Dr. David Kippen, HRExaminer Editorial Advisory Board

Dr. David Kippen, HRExaminer Editorial Advisory Board

Dr. David Kippen returns to the HRExaminer Editorial Advisory Board this week. Dr. Kippen is CEO and Chief Strategist of Evviva Brands. With a background spanning advertising and communications and a client base spanning the globe, Dr. Kippen is recognized as among the top thought leaders in brand strategy. David has held leadership roles in several top associations that support the HR and communications professions. He is currently a member of SHRM’s Performance Management Task Force and an active member of the Council of Communication Management. Full Bio »

3 Important Steps for Employment Branding

by David Kippen

Employer branding is growing up.

Ten years ago, the focus was on explaining that companies had both product brands and employer brands. Our clients were all called recruiters (or worked under the umbrella of talent acquisition titles). Recruiters worked with colleagues in marketing. But, as a general rule, marketing and HR didn’t get along.

Five years ago, the focus was on connecting all the marketing messages together. New titles came on the scene–like employer brand manager, and employment marketing manager. And marketing folks started finding their way into HR to fill them. Though these marketers often struggled to understand the complexities of HR–”you have how many audiences?”–they brought a number of important skills in agency management, and a strong sense of discipline to the client side of the equation.

When the recession pushed hiring into a deep freeze about four years ago, employer branding shifted from attraction to engagement. Initially, nobody was worrying about retention. As a result, internal and external employer brand practitioners began working with communications professionals and their often small, but always strategically-focused, budgets. Like the addition of marketers to HR, this shift brought important elements into the mix, and shifted the focus away from recruitment and external messaging to more existential questions about strategy, culture, corporate meaning and leadership.

Today, employer branding is on the verge of what may be the final step in its evolution. It has come from a loosely applied idea borrowed from marketing to a true professional specialty, one characterized by a commonly-accepted body of knowledge, body of practice, standards of measurement, and span of control. But before this can happen, at least three further evolutions must take place.

1. Employer branding must complete its separation from employment marketing. Today, whether it’s client side or provider side, there’s a stunning lack of clarity on where the employer brand ends and employment marketing begins.

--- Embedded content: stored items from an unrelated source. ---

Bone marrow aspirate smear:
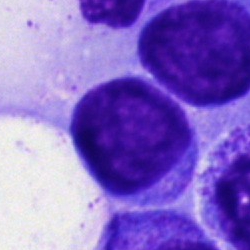Impression — undifferentiated blast.
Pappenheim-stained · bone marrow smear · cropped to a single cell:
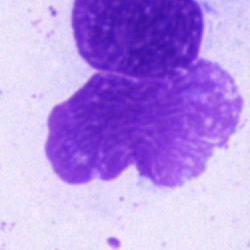
Specimen: bone marrow smear.
Cell type: artefact.
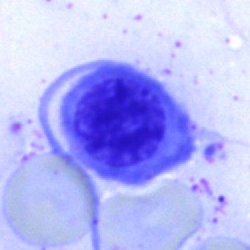
Q: Identify the cell.
A: It is a nucleated red blood cell.
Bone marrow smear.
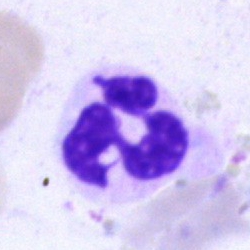
Specimen: bone marrow aspirate smear.
Classification: segmented neutrophil.
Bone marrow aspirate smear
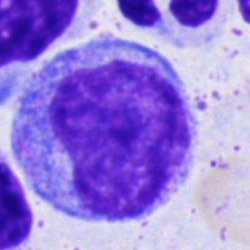This is a promyelocyte.
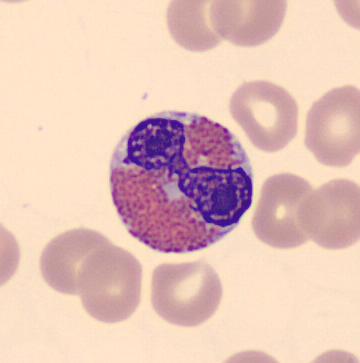
Preparation: Peripheral blood smear.

Identified as an eosinophilic granulocyte.
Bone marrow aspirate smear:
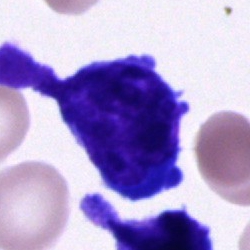 Morphology consistent with a cell of indeterminate lineage.
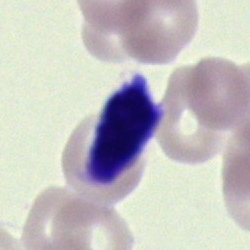

Bone marrow aspirate smear, single cell — typical lymphocyte.
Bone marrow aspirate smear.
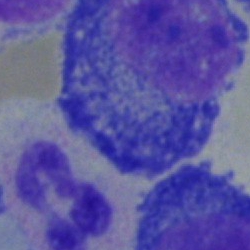

Specimen: bone marrow aspirate smear.
Morphological class: plasma cell.
Lineage: lymphoid.
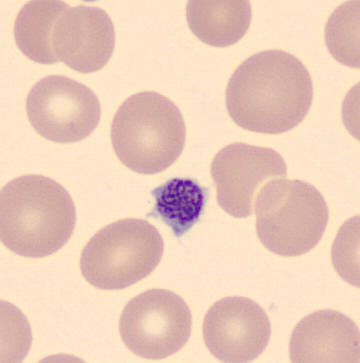Image: Peripheral blood film; image size 360×363.

Identified as a thrombocyte.
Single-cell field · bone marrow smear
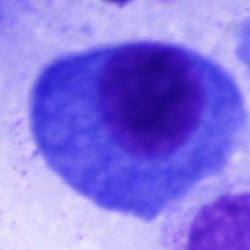
Showing a plasmacyte.
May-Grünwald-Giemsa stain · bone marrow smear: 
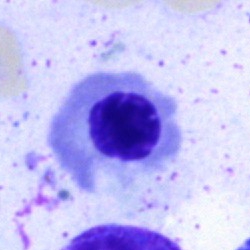 Cell type: normoblast.
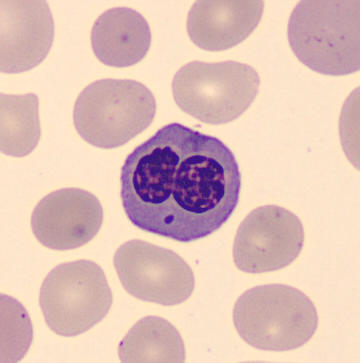The cell is nucleated red cell. Image: CellaVision DM96. Peripheral blood film.
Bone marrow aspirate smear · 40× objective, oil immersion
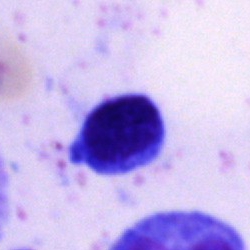 Morphology consistent with a lymphocyte.
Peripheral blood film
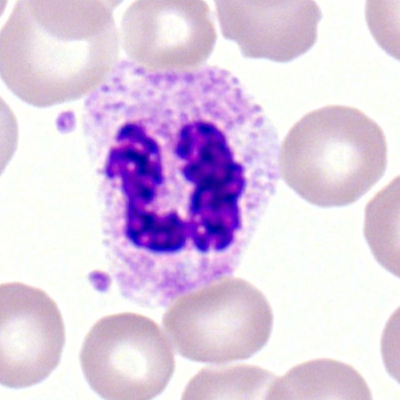Polymorphonuclear neutrophil.
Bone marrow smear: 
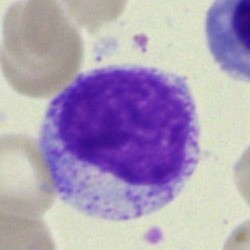
{"cell_type": "myelocyte", "lineage": "myeloid"}
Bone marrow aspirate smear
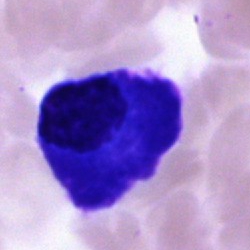
A plasma cell.
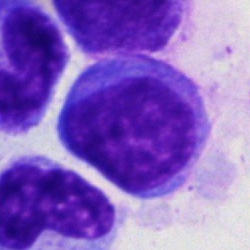

Bone marrow smear showing a blast cell.
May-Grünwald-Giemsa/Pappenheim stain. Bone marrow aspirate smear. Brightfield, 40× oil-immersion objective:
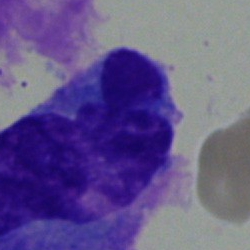

Morphology consistent with a plasma cell.
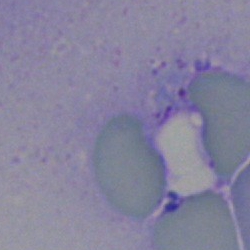
Specimen: bone marrow aspirate smear.
Classification: artifact.
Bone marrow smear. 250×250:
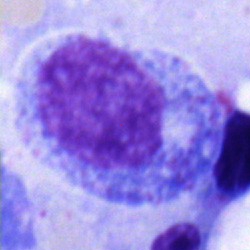Q: Identify the cell.
A: This is a progranulocyte.
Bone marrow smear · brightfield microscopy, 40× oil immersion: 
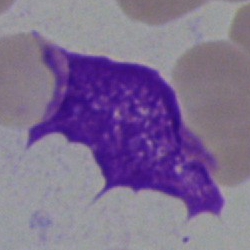
An artifact.
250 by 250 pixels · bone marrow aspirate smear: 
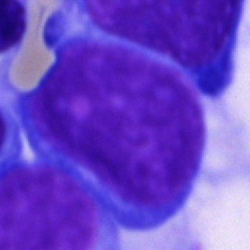

This is a blast cell.
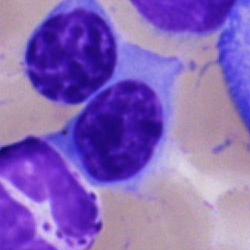

Cell — nucleated red cell.
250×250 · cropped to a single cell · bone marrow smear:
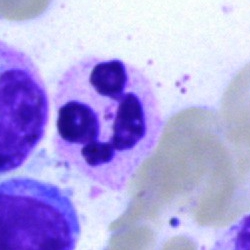
The cell shown is a polymorphonuclear neutrophil.
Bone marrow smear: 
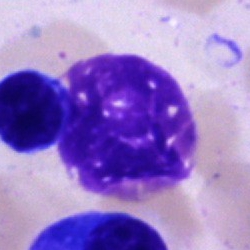

Impression → artefact.
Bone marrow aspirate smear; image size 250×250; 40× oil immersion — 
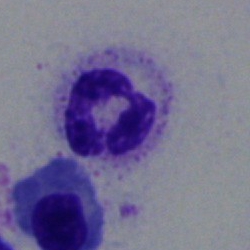 Q: What is the morphological classification of this cell?
A: Neutrophil (segmented).
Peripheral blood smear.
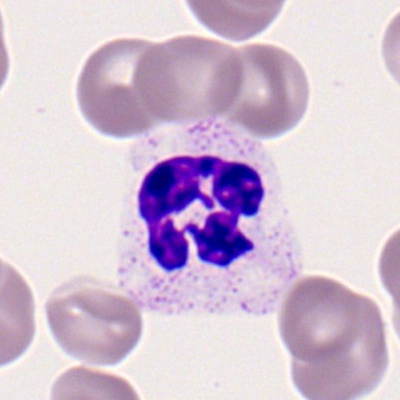 {"cell_type": "polymorphonuclear neutrophil"}
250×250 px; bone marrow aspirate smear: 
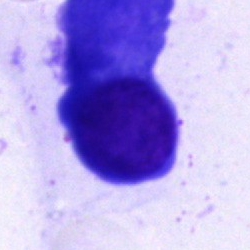

Q: Which cell type is shown here?
A: This is a plasma cell.
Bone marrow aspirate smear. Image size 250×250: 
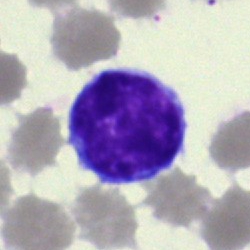
Q: What cell is this?
A: It is a typical lymphocyte.
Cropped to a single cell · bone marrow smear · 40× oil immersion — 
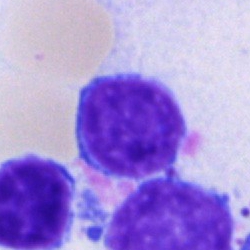

Morphological class: lymphocyte.
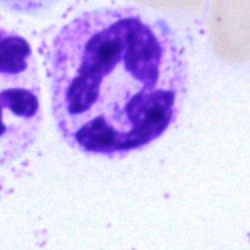 Impression → neutrophil (segmented).
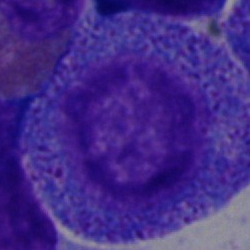Q: What is the morphological classification of this cell?
A: A promyelocyte.
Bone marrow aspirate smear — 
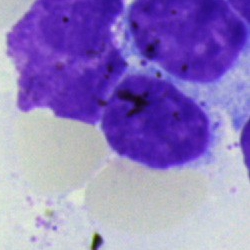
Morphology consistent with a lymphocyte.
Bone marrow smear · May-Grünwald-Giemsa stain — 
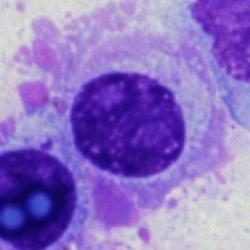 Impression — plasma cell.
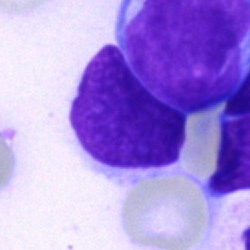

Madison Avenue doesn’t have this problem:

  • Brand shops develop brands. They do research. They work with leadership to understand corporate strategy and develop long-range brand plans with their organizational counterparts. With this insight in hand, they develop the brand identity (name, personality, purpose, voice, attributes, logo or logotype, brand line), brand strategy, brand guidelines and a limited number of brand assets.
  • Ad agencies then use these assets to develop creative concepts from which they develop campaigns. They build websites. Develop account plans. Buy media. Create events. Measure traffic. And report campaign results.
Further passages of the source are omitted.